DATA SECTION
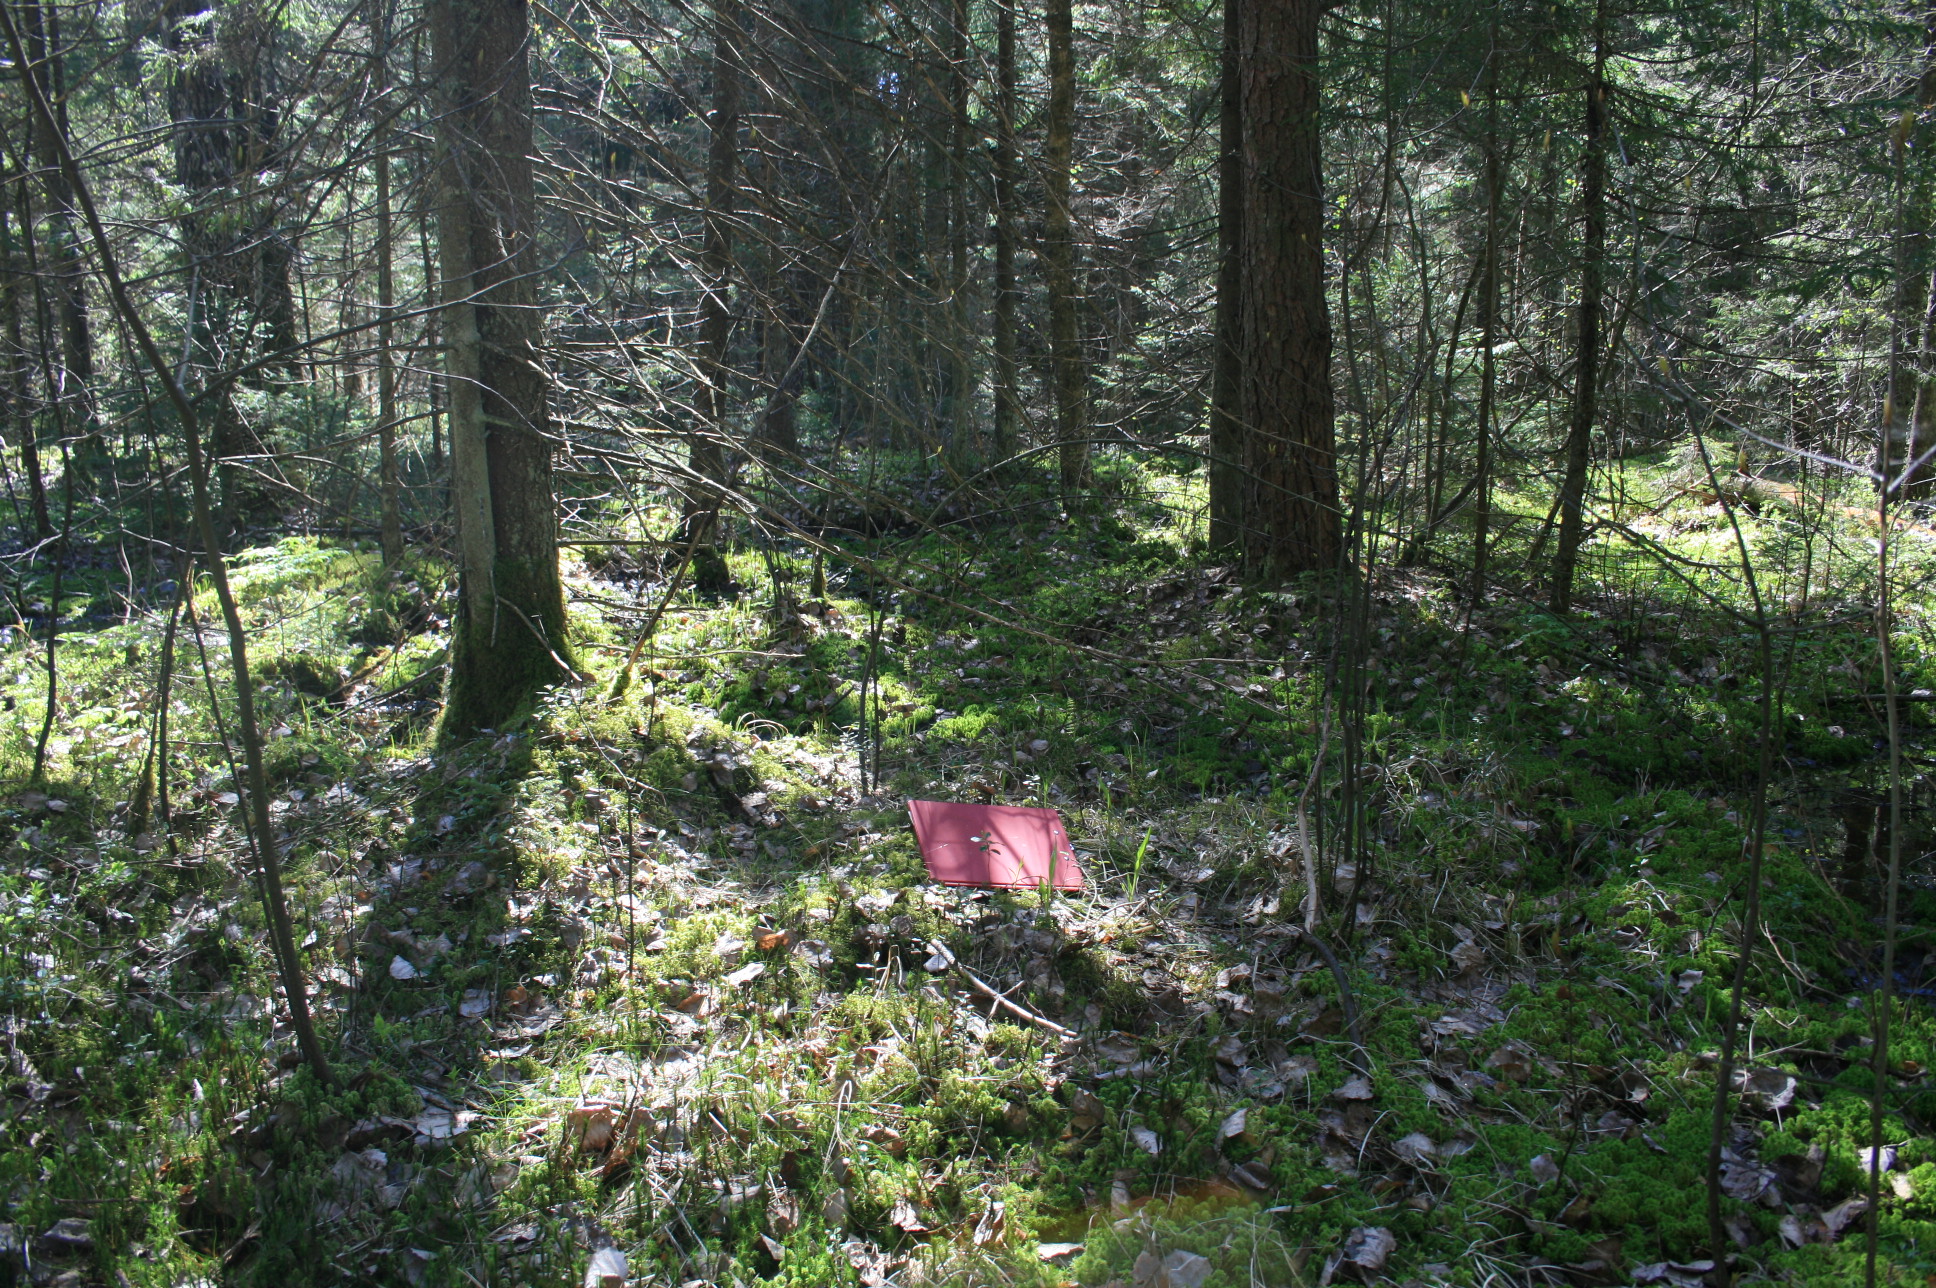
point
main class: Woodland
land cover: Other mixed woodland
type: hemiboreal forest and nemoral coniferous forest and mixed broadleaved-coniferous forest
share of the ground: > 75 %
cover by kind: coniferous forest trees 65 %, broadleaved forest trees 35 %
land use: Forestry
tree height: > 5 m
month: May
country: LT
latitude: 56.0365
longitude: 21.4548
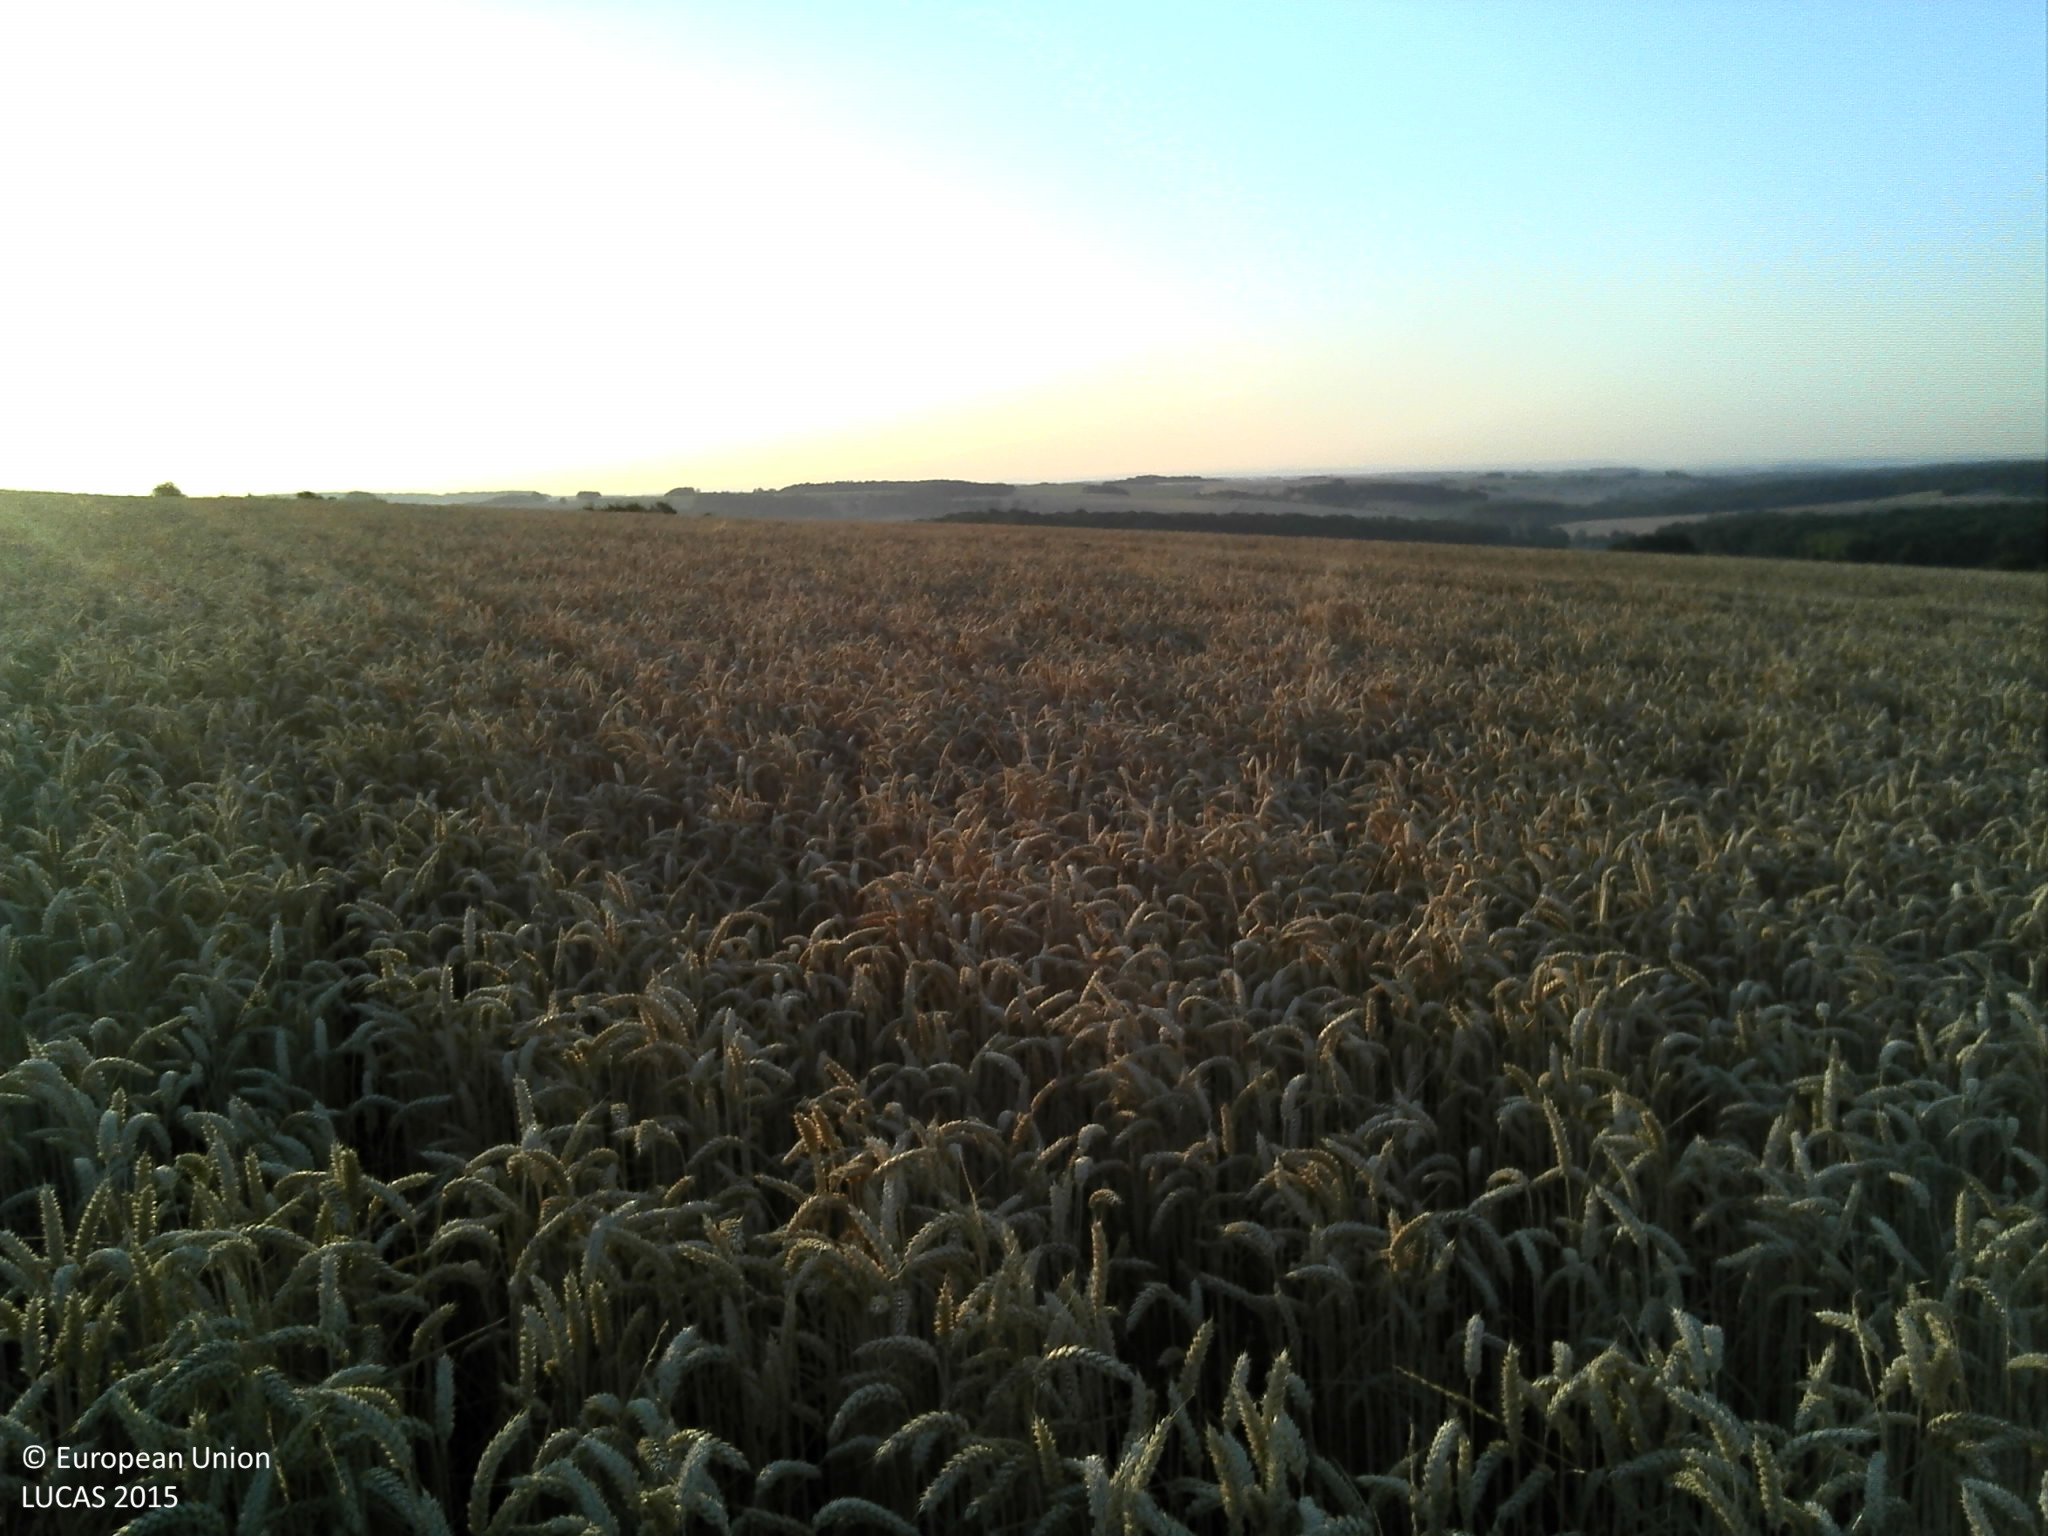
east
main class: Cropland
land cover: Common wheat
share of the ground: > 75 %
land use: Agriculture (excluding fallow land and kitchen gardens)
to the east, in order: Common wheat
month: July
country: FR
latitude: 48.1911
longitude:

WORK TO COMPLETE
If any entry holds a picture, drop the picture and copy everything else exactly.

THE ANSWER
point
main class: Woodland
land cover: Other mixed woodland
type: hemiboreal forest and nemoral coniferous forest and mixed broadleaved-coniferous forest
share of the ground: > 75 %
cover by kind: coniferous forest trees 65 %, broadleaved forest trees 35 %
land use: Forestry
tree height: > 5 m
month: May
country: LT
latitude: 56.0365
longitude: 21.4548
east
main class: Cropland
land cover: Common wheat
share of the ground: > 75 %
land use: Agriculture (excluding fallow land and kitchen gardens)
to the east, in order: Common wheat
month: July
country: FR
latitude: 48.1911
longitude:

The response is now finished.